Four hundred pairs of SSR markers were randomly selected for synthesis, then PCR and electrophoresis were performed for screening and validation. Primers with only 0–2 amplified bands were recognized as single-locus SSR and those possessing polymorphism was named ‘E. sibiricus genome assembly single locus’ (ESGA-SL) marker. Analogously, primers with more than 2 amplified bands simultaneously polymorphic was called ‘E. sibiricus genome assembly multi loci’ (ESGA-ML) marker. In addition, 30 pairs of multi loci markers including fifteen G-SSR markers (ESGS [40]) developed based on magnetic bead enrichment, and fifteen pairs of EST-SSR markers (ES [31]) based on E. sibiricus transcriptome were also selected to amplified the same 27 E. sibiricus accessions DNA (Table S5, Supplementary file).

Amplified bands were recorded following genotypes (single locus marker) or 0/1 binary matrix (multi loci marker).

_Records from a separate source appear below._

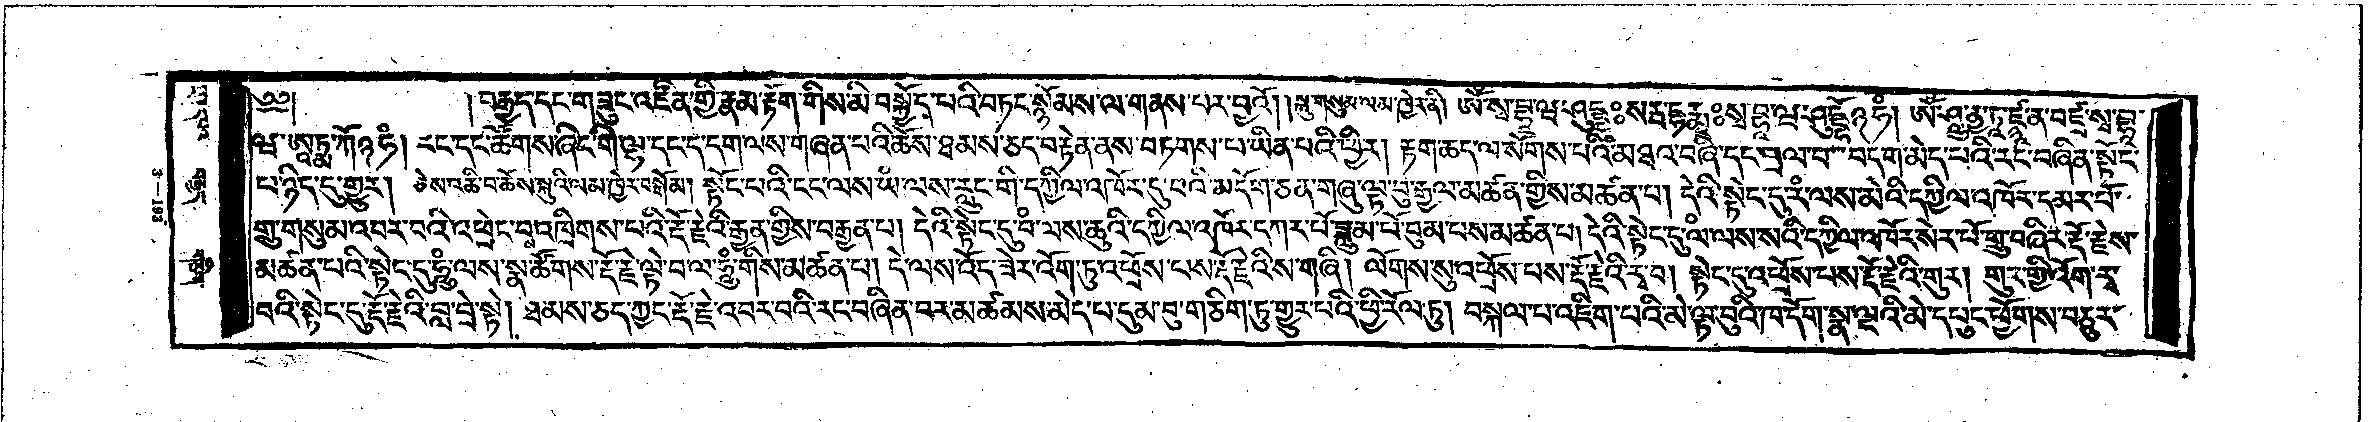༄༅། །བརྒྱད་དང་གཟུང་འཛིན་གྱི་རྣམ་རྟོག་གིས་མི་བསྐྱོད་པའི་བཏང་སྙོམས་ལ་གནས་པར་བྱའོ། །སྐུ་གསུམ་ལམ་ཁྱེར་ནི། ཨོཾ་སྭ་བྷཱ་ཝ་ཤུདྡྷཿསརྦ་དྷརྨ་སྭ་བྷཱ་ཝ་ཤུདྡྷོཉཧཾ། ཨོཾ་ཤཱུ་ནྱ་ཏཱ་ཛྙཱ་ན་བཛྲ་སྭ་བྷཱ་
ཝ་ཨཱཏྨ་ཀོཉཧཾ། རང་དང་ཚོགས་ཞིང་གི་ལྷ་དང་དེ་དག་ལས་གཞན་པའི་ཆོས་ཐམས་ཅད་བརྟེན་ནས་བཏགས་པ་ཡིན་པའི་ཕྱིར། རྟག་ཆད་ལ་སོགས་པའི་མཐའ་བཞི་དང་བྲལ་བ་བདག་མེད་པའི་རང་བཞིན་སྟོང་
པ་ཉིད་དུ་གྱུར། ཅེས་འཆི་བ་ཆོས་སྐུའི་ལམ་ཁྱེར་བསྒོམ། སྟོང་པའི་ངང་ལས་ཡཾ་ལས་རླུང་གི་དཀྱིལ་འཁོར་དུ་བའི་མདོག་ཅན་གཞུ་ལྟ་བུ་རྒྱལ་མཚན་གྱིས་མཚན་པ། དེའི་སྟེང་དུ་རཾ་ལས་མེའི་དཀྱིལ་འཁོར་དམར་པོ་
གྲུ་གསུམ་འབར་བའི་འཕྲེང་བས་འཁྲིགས་པའི་རྡོ་རྗེའི་རྒྱན་གྱིས་བརྒྱན་པ། དེའི་སྟེང་དུ་པཾ་ལས་ཆུའི་དཀྱིལ་འཁོར་དཀར་པོ་ཟླུམ་པོ་བུམ་པས་མཚན་པ། དེའི་སྟེང་དུ་ལཾ་ལས་སའི་དཀྱིལ་འཁོར་སེར་པོ་གྲུབ་ཞིར་རྡོ་རྗེས་
མཚན་པའི་སྟེང་དུ་ཧཱུཾ་ལས་སྣ་ཚོགས་རྡོ་རྗེ་ལྟེ་བ་ལ་ཧཱུཾ་གིས་མཚན་པ། དེ་ལས་འོད་ཟེར་འོག་ཏུ་འཕྲོས་པས་རྡོ་རྗེའི་ས་གཞི། ལོགས་སུ་འཕྲོས་པས་རྡོ་རྗེའི་རྭ་བ། སྟེང་དུ་འཕྲོས་པས་རྡོ་རྗེའི་གྲུ། གུར་གྱི་འོག་རྭ་
བའི་སྟེང་དུ་རྡོ་རྗེའི་བླ་བྲེ་སྟེ། ཐམས་ཅད་ཀྱང་རྡོ་རྗེ་འབར་བའི་རང་བཞིན་བར་མཚམས་མེད་པ་དུམ་བུ་གཅིག་ཏུ་གྱུར་པའི་ཕྱི་རོལ་ཏུ། བསྐལ་བ་འཇིག་པའི་མེ་ལྟ་བུའི་ཁ་དོག་སྣ་ལྔའི་མེ་དཔུང་ཕྱོགས་བཅུར་

Nei’s genetic distance (GD) matrix among 27 accessions was calculated by Freetree [50] with 10,000 bootstrap value, and the UPGMA dendrogram was constructed then visualized in Figtree [50]. The principal coordinate analysis (PCoA) was performed via NTSYS v2.2 [51]. STRUCTURE v2.3.4 [52] was performed based on a Bayesian model to the illustration of genetic membership. The parameters were set to 50,000 burn-in and 100,000 Monte Carlo Markov chain (MCMC) with an admixture model. The STRUCTURE HARVESTER [53] was then applied to estimate the “optimum K”. The hierarchical analysis of molecular variance (AMOVA) was carried out using GenAlEx [54] to calculate the number of alleles (Na), effective alleles (Ne), Shannon diversity index (I), expected heterozygosity (He), polymorphic site proportion (PP) and other genetic diversity parameters. Finally, the observed heterozygosity (Ho) and gene flow (Nm) of single-locus SSRs were calculated.